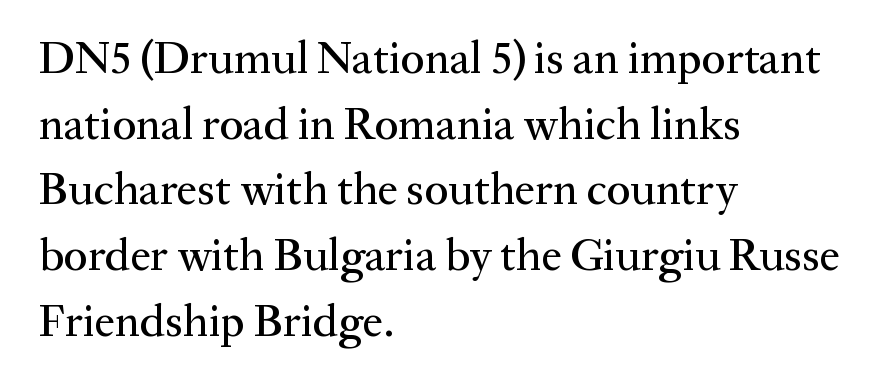
The image shows 45 px serif type, upright; set left-aligned, normal line spacing (1.46x), normal letter spacing, not underlined; medium stroke contrast and a medium x-height.
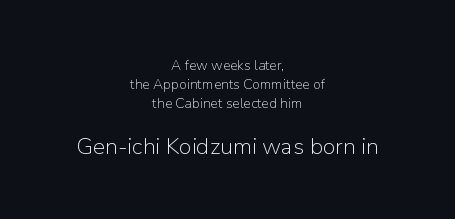
{"italic": "no", "bold": "no", "underline": "no", "align": "center", "line_spacing": "normal", "line_spacing_ratio": 1.35, "letter_spacing": "normal", "letter_spacing_em": 0.0, "larger_block": "second", "size_ratio": 1.64, "glyph_px": 23}
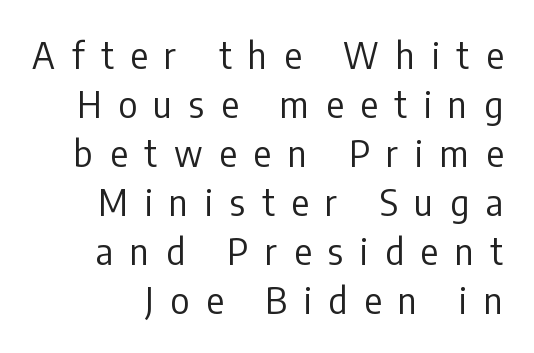
The image shows 36 px regular-weight, condensed sans-serif type, upright; set normal line spacing (1.36x), unusually wide letter spacing (+0.47 em), not underlined; low stroke contrast and a medium x-height.
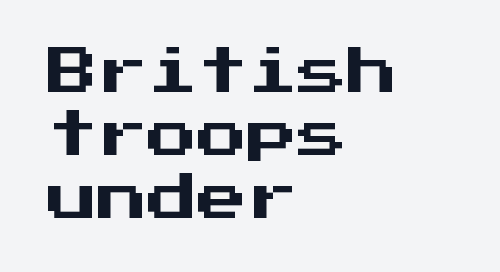
Q: Is the text italic (slanted)? A: No, it is upright.
Q: Is the typeface a serif or a sans-serif typeface? A: Sans-serif.
Q: Is the text underlined? A: No.
Q: How is the paragraph aligned? A: Left-aligned.
Q: Is the spacing between letters normal or unusually wide? A: Normal.
Q: Is the spacing between lines tight, normal or loose? A: Normal.
Q: Width (condensed, normal, or wide)? A: Normal.
Q: Stroke contrast? A: Medium.
Q: x-height? A: Medium.
Q: Monospaced? A: Yes.
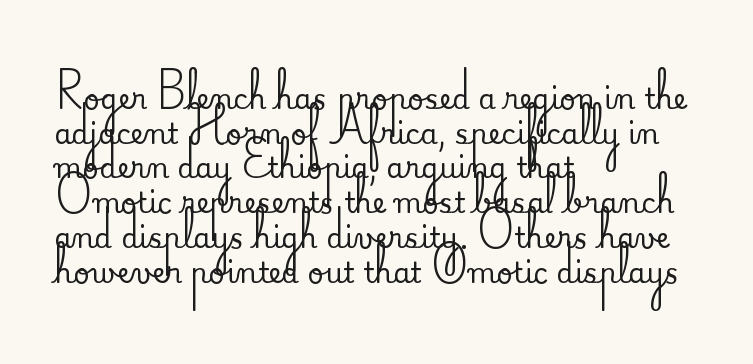
{"serif": "yes", "italic": "no", "width": "normal", "stroke_contrast": "medium", "x_height": "small", "monospaced": "no", "underline": "no", "align": "left", "line_spacing_ratio": 1.24, "letter_spacing": "normal", "letter_spacing_em": 0.0, "glyph_px": 28}
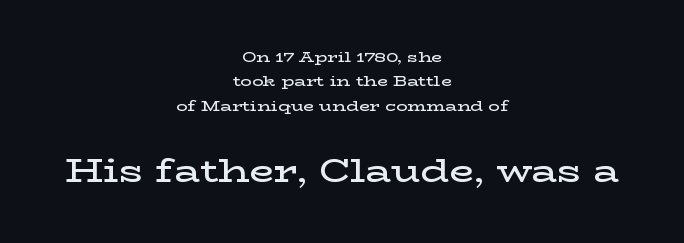
Q: Is the text bold? A: Semi-bold.
Q: Is the text italic (slanted)? A: No, it is upright.
Q: Is the typeface a serif or a sans-serif typeface? A: Serif.
Q: Is the text underlined? A: No.
Q: How is the paragraph aligned? A: Centered.
Q: Is the spacing between letters normal or unusually wide? A: Normal.
Q: Which block of text is set in a larger size, the first (top) or the second (bottom)? A: The second (bottom) one.
Q: Width (condensed, normal, or wide)? A: Wide.
Q: Stroke contrast? A: Low.
Q: x-height? A: Medium.
Q: Monospaced? A: No.
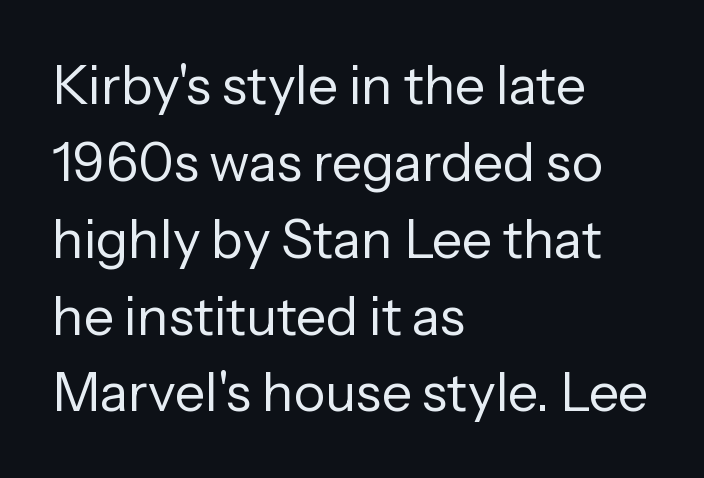
Q: Is the text bold? A: No.
Q: Is the text italic (slanted)? A: No, it is upright.
Q: Is the typeface a serif or a sans-serif typeface? A: Sans-serif.
Q: Is the text underlined? A: No.
Q: How is the paragraph aligned? A: Left-aligned.
Q: Is the spacing between letters normal or unusually wide? A: Normal.
Q: Is the spacing between lines tight, normal or loose? A: Normal.
Q: Width (condensed, normal, or wide)? A: Normal.
Q: Stroke contrast? A: Low.
Q: x-height? A: Medium.
Q: Monospaced? A: No.
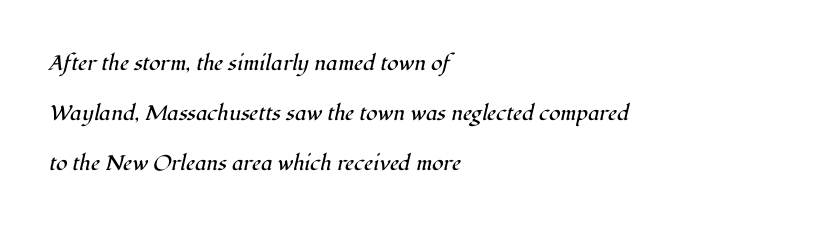
The area under the type is left untouched. This is oblique type, the kind used for emphasis or titles. Baseline-to-baseline distance is far greater than the letter height. Tracking value appears to be zero — textbook default spacing. Stem width sits at or under what a default text font uses.

------------------------------

What is needed is an exact restatement of every line from the line containing "The image shows 36" through the last line of the records, minus any pictures.

→ **Reply to the task**
The image shows 36 px regular-weight, condensed sans-serif type, upright; set normal line spacing (1.36x), unusually wide letter spacing (+0.47 em), not underlined; low stroke contrast and a medium x-height.
Q: Is the text italic (slanted)? A: No, it is upright.
Q: Is the typeface a serif or a sans-serif typeface? A: Sans-serif.
Q: Is the text underlined? A: No.
Q: How is the paragraph aligned? A: Left-aligned.
Q: Is the spacing between letters normal or unusually wide? A: Normal.
Q: Is the spacing between lines tight, normal or loose? A: Normal.
Q: Width (condensed, normal, or wide)? A: Normal.
Q: Stroke contrast? A: Medium.
Q: x-height? A: Medium.
Q: Monospaced? A: Yes.
{"serif": "yes", "italic": "no", "width": "normal", "stroke_contrast": "medium", "x_height": "small", "monospaced": "no", "underline": "no", "align": "left", "line_spacing_ratio": 1.24, "letter_spacing": "normal", "letter_spacing_em": 0.0, "glyph_px": 28}
Q: Is the text bold? A: Semi-bold.
Q: Is the text italic (slanted)? A: No, it is upright.
Q: Is the typeface a serif or a sans-serif typeface? A: Serif.
Q: Is the text underlined? A: No.
Q: How is the paragraph aligned? A: Centered.
Q: Is the spacing between letters normal or unusually wide? A: Normal.
Q: Which block of text is set in a larger size, the first (top) or the second (bottom)? A: The second (bottom) one.
Q: Width (condensed, normal, or wide)? A: Wide.
Q: Stroke contrast? A: Low.
Q: x-height? A: Medium.
Q: Monospaced? A: No.
Q: Is the text bold? A: No.
Q: Is the text italic (slanted)? A: No, it is upright.
Q: Is the typeface a serif or a sans-serif typeface? A: Sans-serif.
Q: Is the text underlined? A: No.
Q: How is the paragraph aligned? A: Left-aligned.
Q: Is the spacing between letters normal or unusually wide? A: Normal.
Q: Is the spacing between lines tight, normal or loose? A: Normal.
Q: Width (condensed, normal, or wide)? A: Normal.
Q: Stroke contrast? A: Low.
Q: x-height? A: Medium.
Q: Monospaced? A: No.
The area under the type is left untouched. This is oblique type, the kind used for emphasis or titles. Baseline-to-baseline distance is far greater than the letter height. Tracking value appears to be zero — textbook default spacing. Stem width sits at or under what a default text font uses.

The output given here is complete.